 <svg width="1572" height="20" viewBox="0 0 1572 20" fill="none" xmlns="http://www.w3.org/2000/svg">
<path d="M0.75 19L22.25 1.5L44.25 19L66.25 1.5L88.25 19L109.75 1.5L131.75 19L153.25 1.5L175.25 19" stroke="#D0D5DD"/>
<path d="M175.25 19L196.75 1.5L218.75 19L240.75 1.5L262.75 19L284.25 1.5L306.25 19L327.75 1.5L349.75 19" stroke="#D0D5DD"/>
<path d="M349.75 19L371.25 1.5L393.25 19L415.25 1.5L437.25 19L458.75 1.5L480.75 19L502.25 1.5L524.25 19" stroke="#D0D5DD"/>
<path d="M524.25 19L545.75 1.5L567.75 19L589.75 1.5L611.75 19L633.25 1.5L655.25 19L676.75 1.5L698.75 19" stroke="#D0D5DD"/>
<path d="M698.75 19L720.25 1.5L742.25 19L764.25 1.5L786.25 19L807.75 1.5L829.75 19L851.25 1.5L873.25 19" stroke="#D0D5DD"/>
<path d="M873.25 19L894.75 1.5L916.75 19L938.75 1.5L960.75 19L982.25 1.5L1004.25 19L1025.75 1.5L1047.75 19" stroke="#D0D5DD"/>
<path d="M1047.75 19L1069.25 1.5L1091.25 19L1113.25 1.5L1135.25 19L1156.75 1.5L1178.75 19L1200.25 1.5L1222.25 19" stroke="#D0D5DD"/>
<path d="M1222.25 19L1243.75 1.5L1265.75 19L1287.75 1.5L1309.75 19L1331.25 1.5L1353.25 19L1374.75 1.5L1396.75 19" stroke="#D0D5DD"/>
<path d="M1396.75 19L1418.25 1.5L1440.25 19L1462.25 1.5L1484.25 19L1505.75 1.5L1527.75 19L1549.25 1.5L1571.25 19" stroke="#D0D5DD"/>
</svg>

════════════════════

ASSIGNED TASK
Only one stretch of the records above is wanted: the lines between the one holding "19L720.25 1.5L742.25 19L764.25" and the one holding "19L1069.25 1.5L1091.25 19L1113.25", inclusive, reproduced exactly.

TASK OUTPUT
<path d="M698.75 19L720.25 1.5L742.25 19L764.25 1.5L786.25 19L807.75 1.5L829.75 19L851.25 1.5L873.25 19" stroke="#D0D5DD"/>
<path d="M873.25 19L894.75 1.5L916.75 19L938.75 1.5L960.75 19L982.25 1.5L1004.25 19L1025.75 1.5L1047.75 19" stroke="#D0D5DD"/>
<path d="M1047.75 19L1069.25 1.5L1091.25 19L1113.25 1.5L1135.25 19L1156.75 1.5L1178.75 19L1200.25 1.5L1222.25 19" stroke="#D0D5DD"/>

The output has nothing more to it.